── The data ──

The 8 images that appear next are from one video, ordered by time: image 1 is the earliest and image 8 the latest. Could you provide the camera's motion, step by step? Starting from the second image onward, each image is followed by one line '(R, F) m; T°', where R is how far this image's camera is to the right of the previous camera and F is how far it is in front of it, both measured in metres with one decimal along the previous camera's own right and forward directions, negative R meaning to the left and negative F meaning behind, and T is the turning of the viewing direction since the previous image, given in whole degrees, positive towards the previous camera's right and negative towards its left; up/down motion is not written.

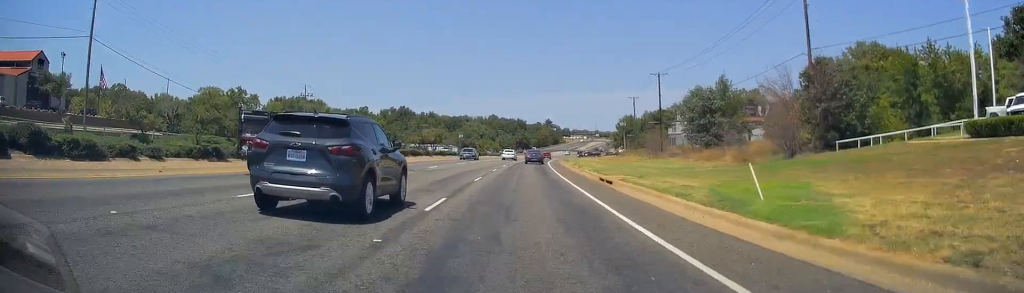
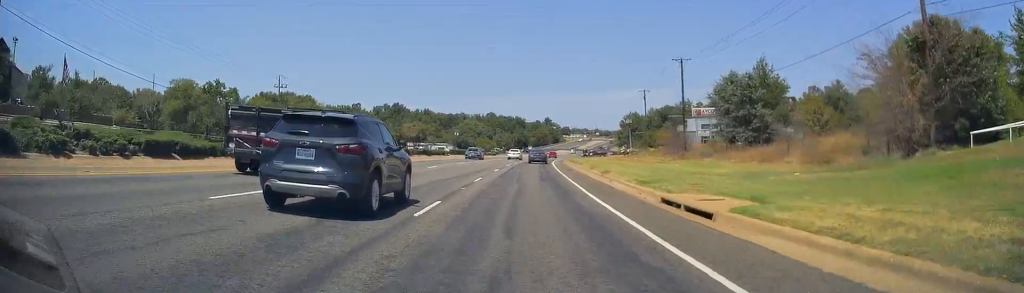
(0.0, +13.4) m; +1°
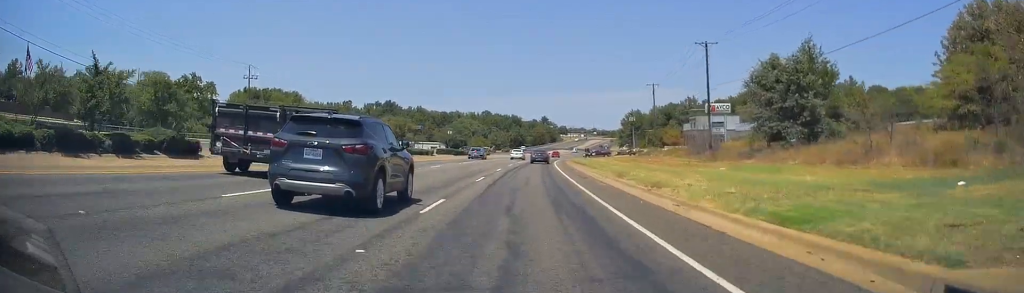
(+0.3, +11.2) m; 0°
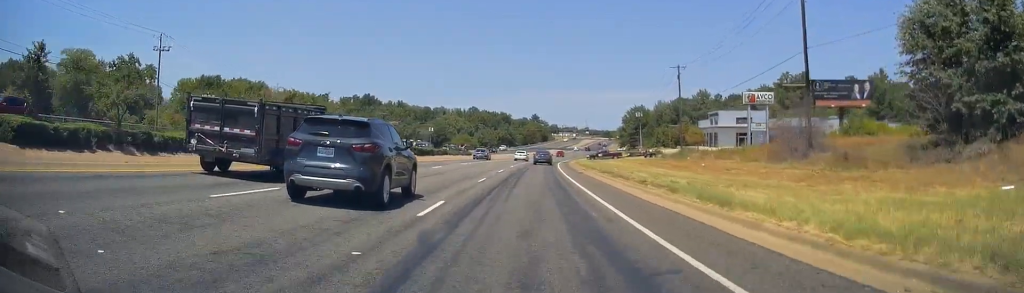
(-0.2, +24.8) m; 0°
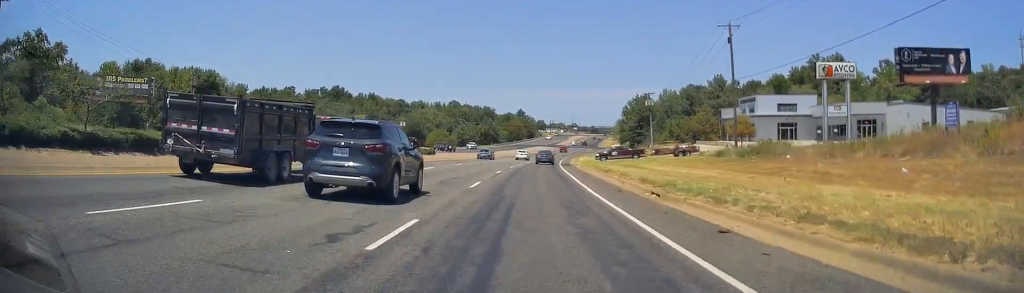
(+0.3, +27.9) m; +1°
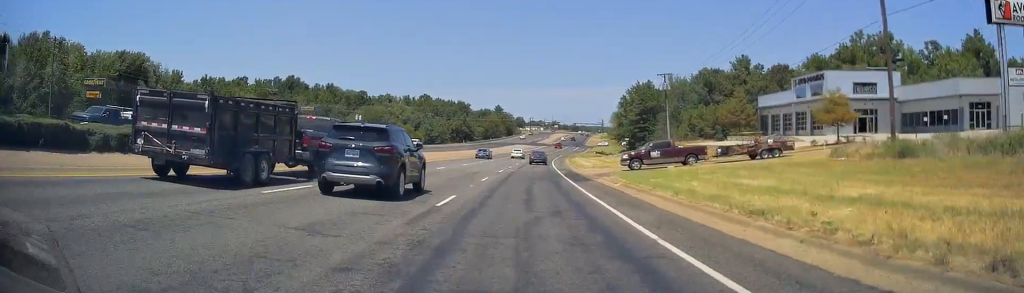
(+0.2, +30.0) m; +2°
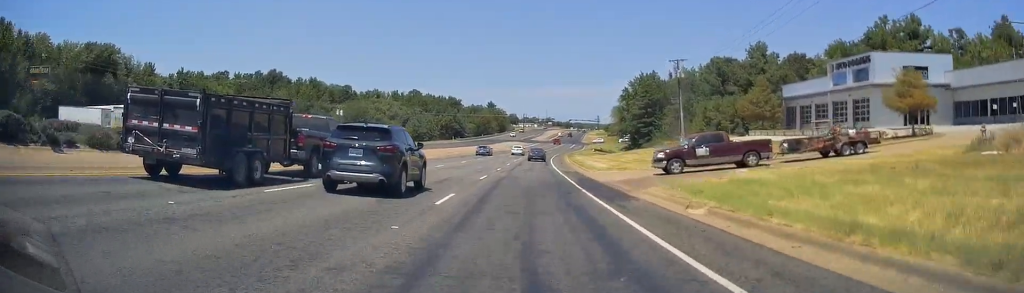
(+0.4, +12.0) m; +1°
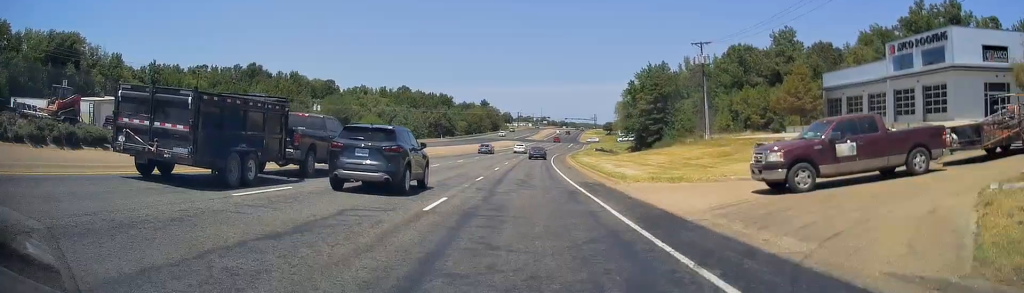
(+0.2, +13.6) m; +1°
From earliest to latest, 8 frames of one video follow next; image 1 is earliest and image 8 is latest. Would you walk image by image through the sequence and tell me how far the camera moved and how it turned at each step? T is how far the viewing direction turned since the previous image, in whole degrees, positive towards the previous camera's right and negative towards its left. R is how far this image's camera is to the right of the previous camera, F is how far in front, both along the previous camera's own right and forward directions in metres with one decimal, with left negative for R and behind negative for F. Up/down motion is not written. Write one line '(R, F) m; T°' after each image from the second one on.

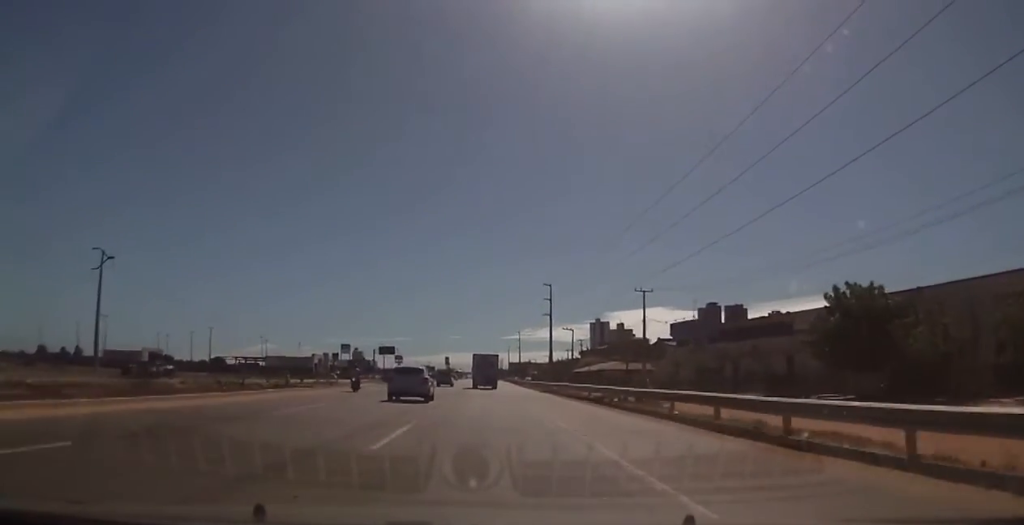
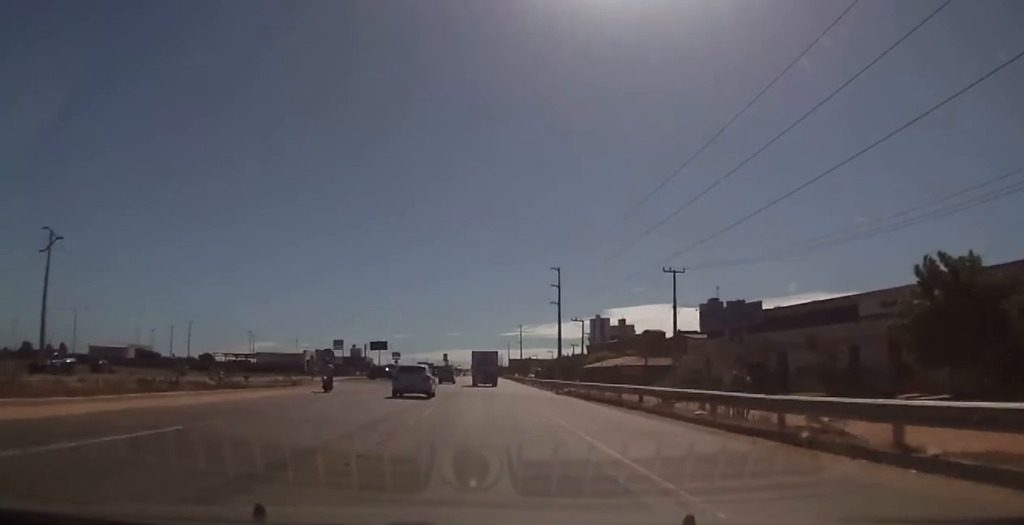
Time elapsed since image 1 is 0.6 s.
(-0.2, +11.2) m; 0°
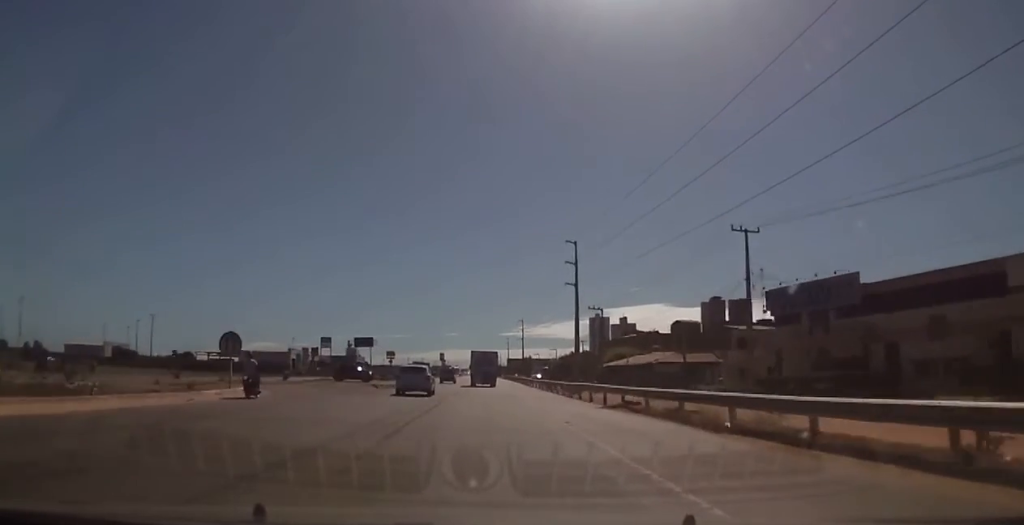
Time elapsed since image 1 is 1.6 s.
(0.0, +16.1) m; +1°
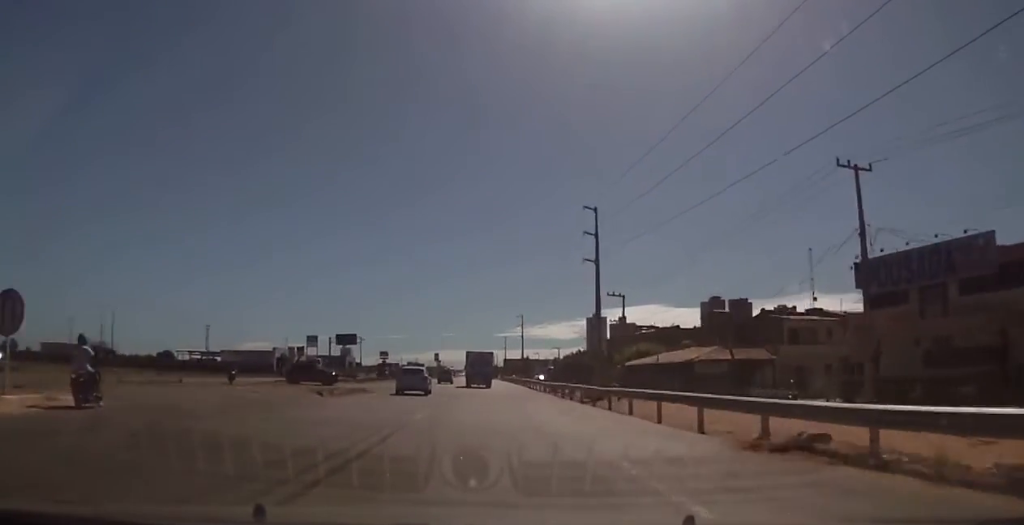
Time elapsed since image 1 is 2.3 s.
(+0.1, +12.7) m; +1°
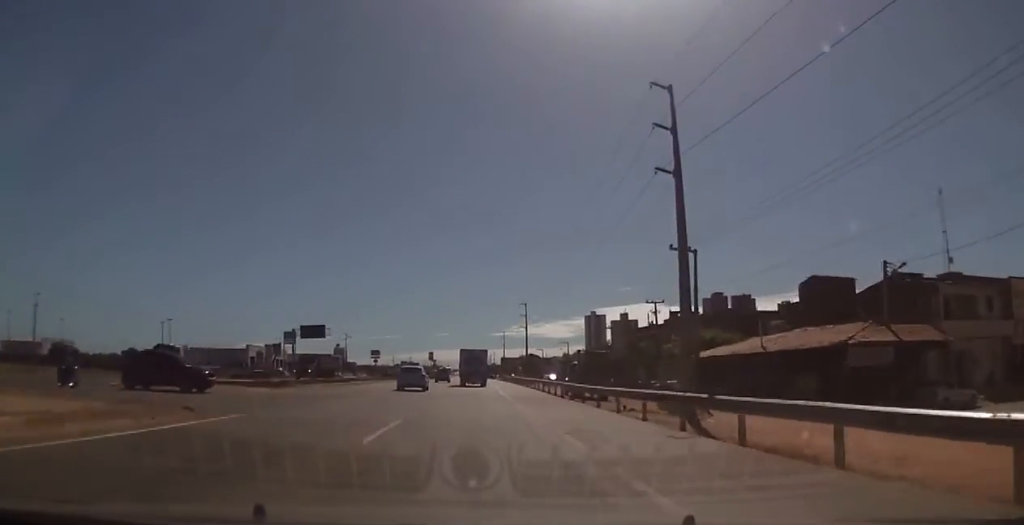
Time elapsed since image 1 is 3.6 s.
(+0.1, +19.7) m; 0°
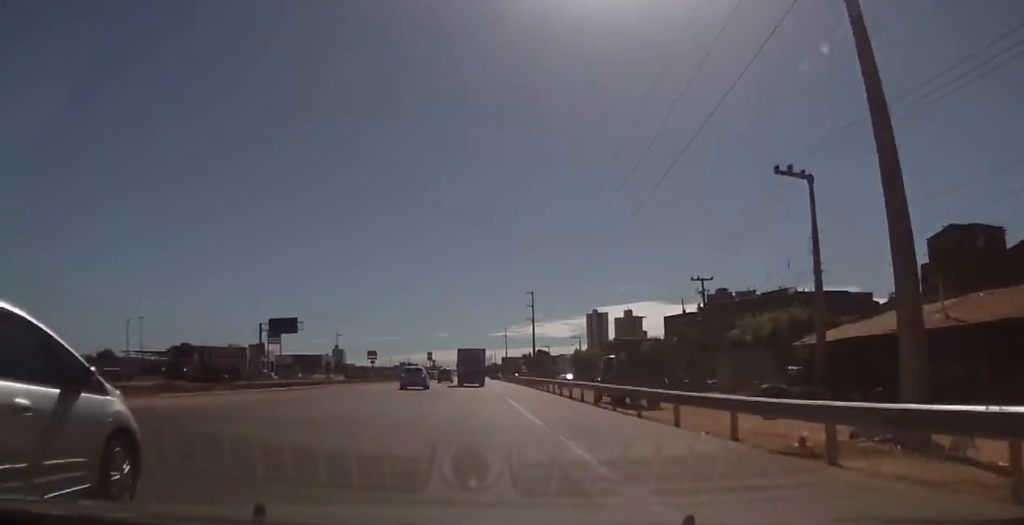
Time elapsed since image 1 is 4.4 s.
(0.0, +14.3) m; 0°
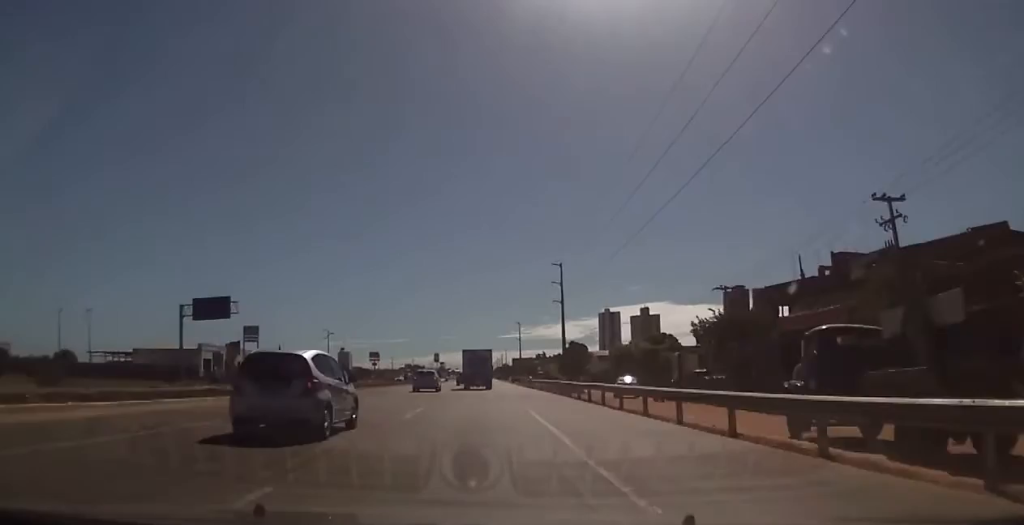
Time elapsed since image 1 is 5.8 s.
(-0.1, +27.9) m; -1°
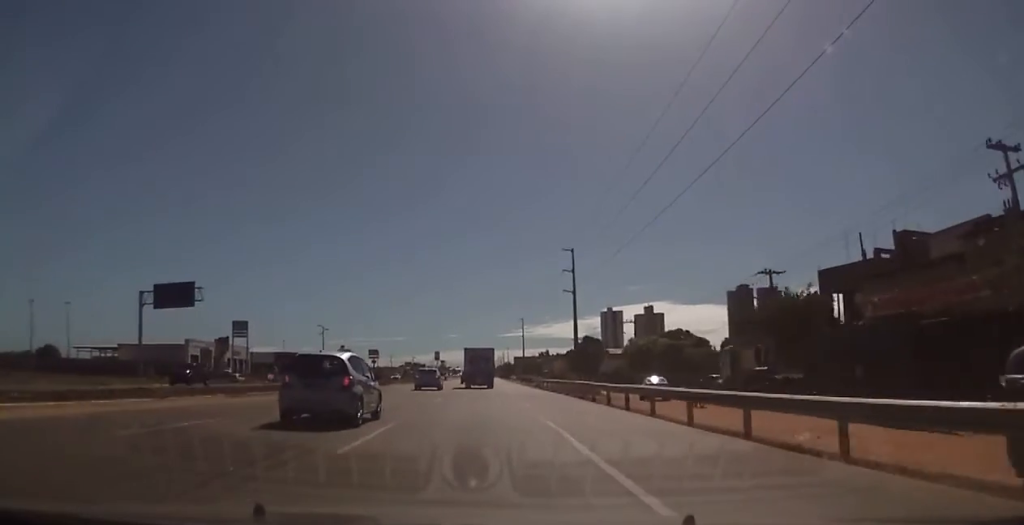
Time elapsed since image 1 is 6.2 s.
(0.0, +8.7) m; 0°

───

For this exercise, reproduce the data above exactly from the line containing "Time elapsed since image 1 is 1.6 s." through its final line, both ends included, with no pictures in the copy.

▶ **Finished task**
Time elapsed since image 1 is 1.6 s.
(0.0, +16.1) m; +1°
Time elapsed since image 1 is 2.3 s.
(+0.1, +12.7) m; +1°
Time elapsed since image 1 is 3.6 s.
(+0.1, +19.7) m; 0°
Time elapsed since image 1 is 4.4 s.
(0.0, +14.3) m; 0°
Time elapsed since image 1 is 5.8 s.
(-0.1, +27.9) m; -1°
Time elapsed since image 1 is 6.2 s.
(0.0, +8.7) m; 0°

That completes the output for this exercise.